Many existing correctional systems include among its objectives not only the punishment of the offender, but also his/her rehabilitation. One of the most powerful instruments that correctional systems can use towards this objective is the concession of permits to leave the prison. These can be weekend permits so that the inmate can visit his/her family, work permits so that the inmate can work outside the correctional institution, etc. Usually inmates who are granted this type of permits and make good use of them are eventually granted probation or conditional freedom. The decision of granting or denying a permit has extremely important individual and social consequences. Type I errors in the decision process (i.e., an inmate granted a permit who did not return) are generally accompanied by new criminal acts. Type II errors (i.e., an inmate denied a permit who would have made good use of it) have devastating consequences for the inmates. This decision process is almost invariably made from a qualitative perspective, and usually must take into consideration a set of legal guidelines that generally focus on variables such as type of crime, remaining time in prison, behavior during internment, etc. There is also a long tradition of research that has tried to show that psychological variables are causally related to performing criminal acts. Consequently, individual differences on certain psychological variables (e.g., social skills, psychopathy) have also been used to support the granting or denial of outside permits to correctional inmates.

Quantitative rules to assign outside permits to correctional inmates can be readily developed given a set of psychological and criminological predictors by means of discriminant analysis, or by more appropriate methods such as logistic or probit regression. These methods assume that the populations to be classified closely match a multivariate normal, or a multivariate logistic distribution. Then, by using the information contained in an actual classification of the subjects, these methods provide a classification rule. Since these methods use the actual classification of the subjects to derive the classification rule, the usefulness of such rule must be evaluated by cross-validation.

An alternative approach to classification can be obtained from cluster analytic methods. Very different approaches to cluster analysis exist (see Hartigan, 1975; Gordon, 1981; Jain & Dubes, 1988). The approach that will be used here involves the use of agglomerative hierarchical classification algorithms based on Euclidean distances among the subjects. Thus, Euclidean distances among the subjects in the n-dimensional space defined by a set of n predictor variables are obtained. Hierarchical clustering methods form nested groups of subjects by merging subjects or groups of subjects using a particular algorithm. Five agglomerative hierarchical clustering methods (Ward’s method, average linkage clustering, complete linkage clustering, single linkage clustering, and nearest neighbor) and one non-hierarchical method (k-means) will be applied to the matrix of Euclidean distances among inmates in the 6-dimensional space defined by the following variables: 1) age, 2) length of the sentence already fulfilled, 3) paranoid ideations and behavior, 4) hardness, 5) psychotic ideations and behavior, and 6) means-ends interpersonal problem solving skills.

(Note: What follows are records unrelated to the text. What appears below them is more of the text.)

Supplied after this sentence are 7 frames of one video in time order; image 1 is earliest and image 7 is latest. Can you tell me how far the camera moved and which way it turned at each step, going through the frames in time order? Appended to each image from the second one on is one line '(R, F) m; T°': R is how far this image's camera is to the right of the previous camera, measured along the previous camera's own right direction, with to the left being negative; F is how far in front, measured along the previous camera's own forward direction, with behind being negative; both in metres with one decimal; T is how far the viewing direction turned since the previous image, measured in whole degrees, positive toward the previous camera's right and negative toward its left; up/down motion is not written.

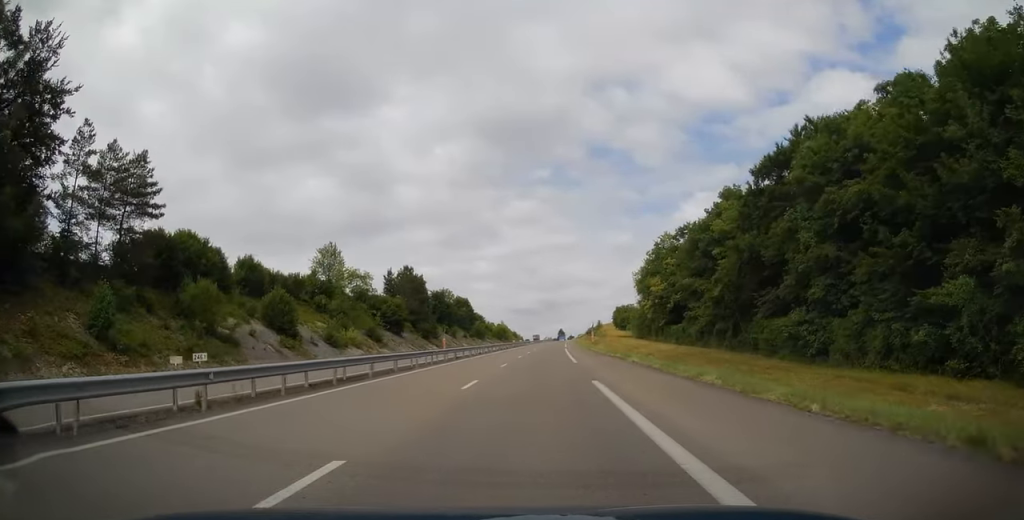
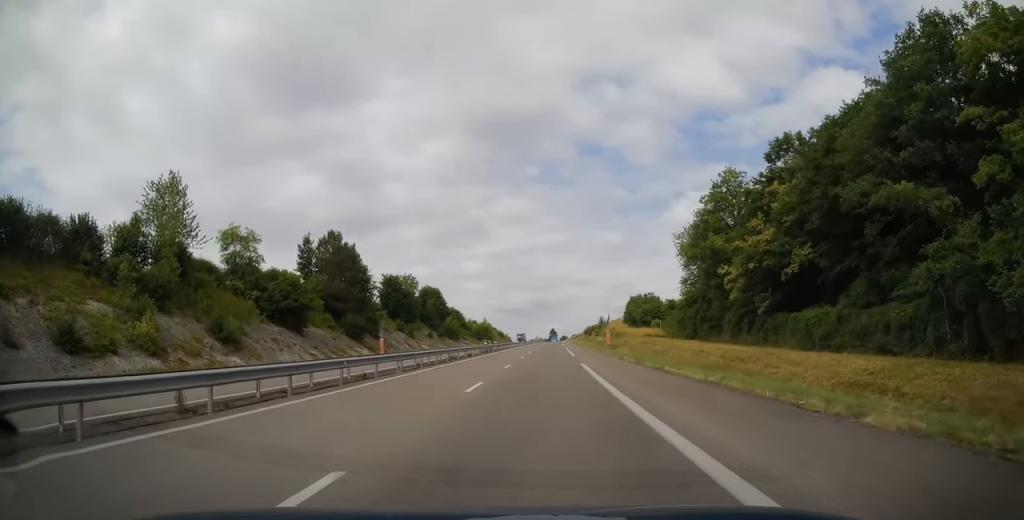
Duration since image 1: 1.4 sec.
(+0.3, +39.8) m; +1°
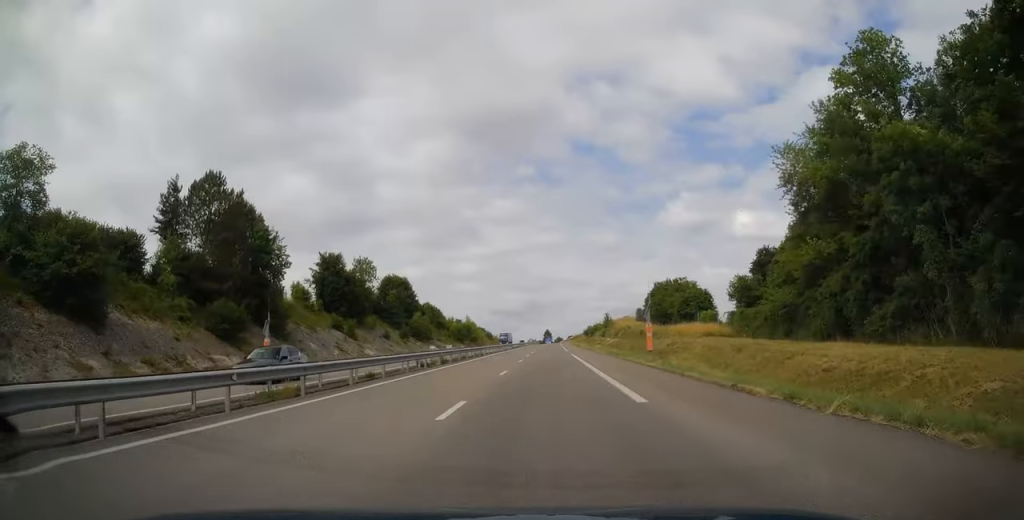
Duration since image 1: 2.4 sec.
(+0.4, +31.5) m; +1°
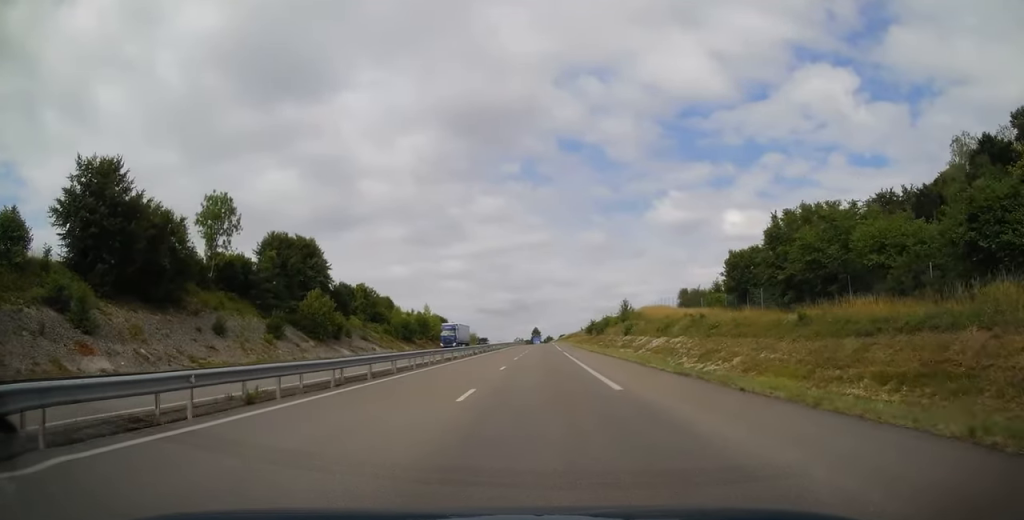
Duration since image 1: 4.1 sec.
(0.0, +49.0) m; 0°
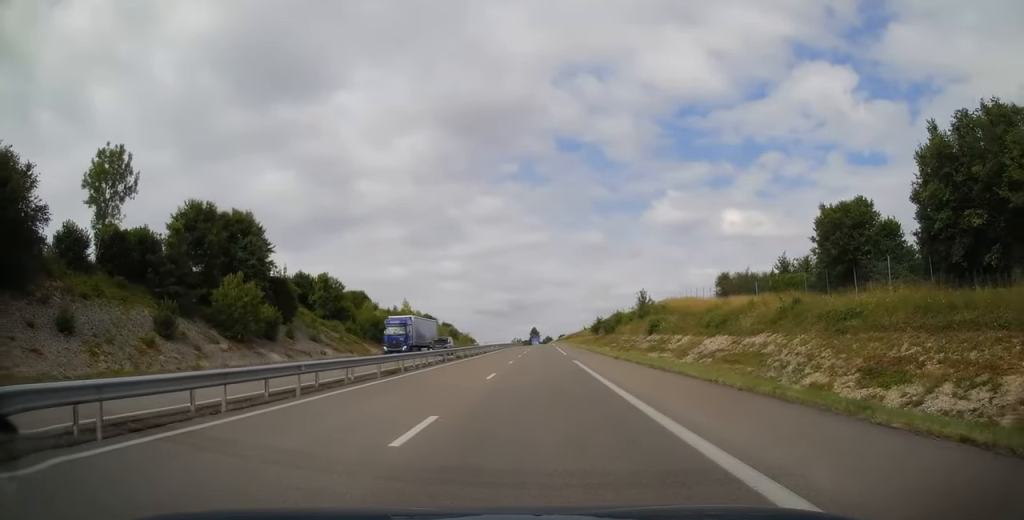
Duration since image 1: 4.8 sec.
(0.0, +18.4) m; 0°
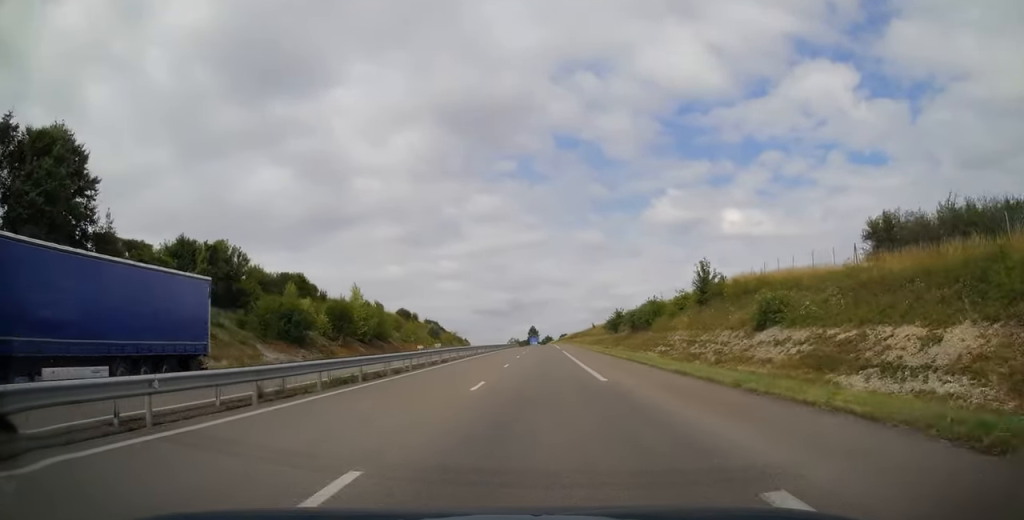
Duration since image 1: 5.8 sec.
(0.0, +30.6) m; 0°
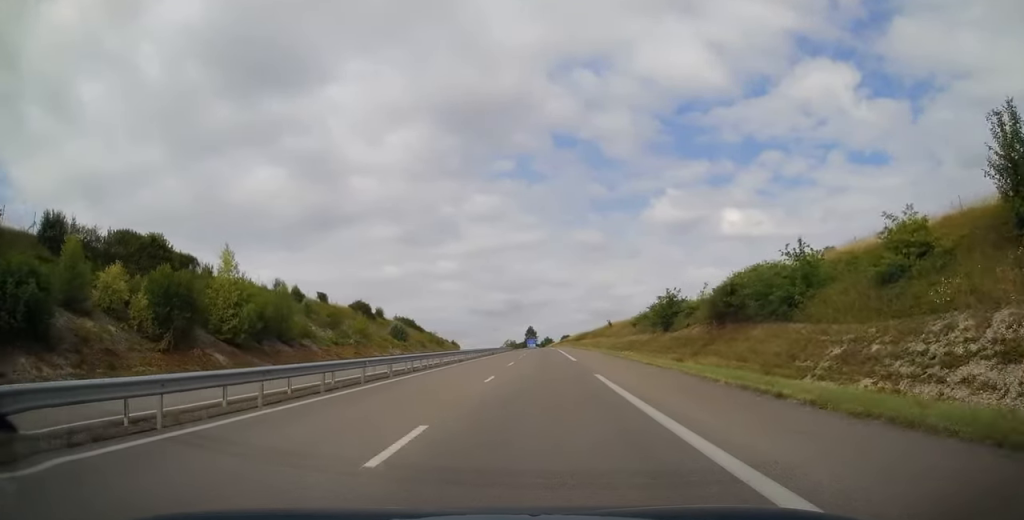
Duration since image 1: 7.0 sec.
(+0.1, +35.5) m; 0°

For each of the procedures, two clusters of subjects will be obtained based on their dissimilarities on these six variables. The classification determined by each of the clustering procedures will then be matched with the actual classification of the inmates into those who were and those who were not granted outside permits, by computing unconditional and conditional classification rates.

True positive and true negative rates are unconditional classification rates. In this case, the true positive rate is the proportion of subjects with outside permits correctly classified by the cluster analytic procedure. Similarly, the true negative rate is the proportion of subjects without outside permits correctly classified by the cluster analytic procedure. However, for classification purposes, we are mostly interested in conditional classifications, rather than uncontidional ones (Widiger, Hurt, Frances, Clarkin, & Gilmore, 1984). Given a two-by-two classification table, we can obtain, for instance.

Of these, PPP and NPP are conditional classification rates. In our case, the PPP rate is the probability that a subject would be granted an outside permit given that he/she has been assigned to cluster 1, whereas the NPP rate is the probability that a subject would be denied an outside permit given that he/she has been assigned to cluster 2.

Method

Subjects

A random sample of 108 male inmates from a medium security Spanish prison were tested on a large set of variables, including demographic, educational, personality, psychopathology, intelligence, and social competence variables. This sample represents approximately a fourth of the total population of the prison at the time of assessment. Details of the characteristics of this sample can be found in Guillén, Maydeu-Olivares, Pons, and Vigil (1989).

Measures

Six variables were selected from the pool of available variables by considering all variables that showed a correlation higher in magnitude than .20 with the actual classification of inmates with outside permits vs. inmates without outside permits, that is,

1) age;

2) length of internment already fulfilled;

3) paranoic ideations and behaviors, as measured by the Pa-6 scale of a Spanish adaptation (Roig-Fusté, 1986) of the Minimult version of the MMPI;

4) hardness, as measured by a Spanish adaptation of the Eysenck Personality Questionnaire’s Psychoticism scale (EPQ-P);

5) psychoticism, as measured by the Sc-8 scale of a Spanish adaptation (Roig-Fusté, 1986) of the Minimult version of the MMPI;

6) means-ends social problem solving, as measured by a Spanish adaptation of the Means-Ends Problem Solving Questionnaire (Platt & Spivack, 1975).

To remove outliers from the sample, only those subjects up to 40 years of age and whose fulfilled length of internment was less than or equal to 150 months were included. The total available sample was 99 inmates. A further check for multidimensional outliers was performed using the method suggested by Bollen (1989: pp. 128-129). No outliers were pointed out by this procedure.

Procedure

The following clustering algorithms, as implemented in SAS 6 (SAS Inc., 1990), were applied to the Euclidean distances used as dissimilarity measures in the six-dimensional space defined by the predictor variables:

a) Average linkage clustering (Sokal & Michener, 1958), where the distance between two clusters is defined as the average distance between pairs of observations, one from each cluster.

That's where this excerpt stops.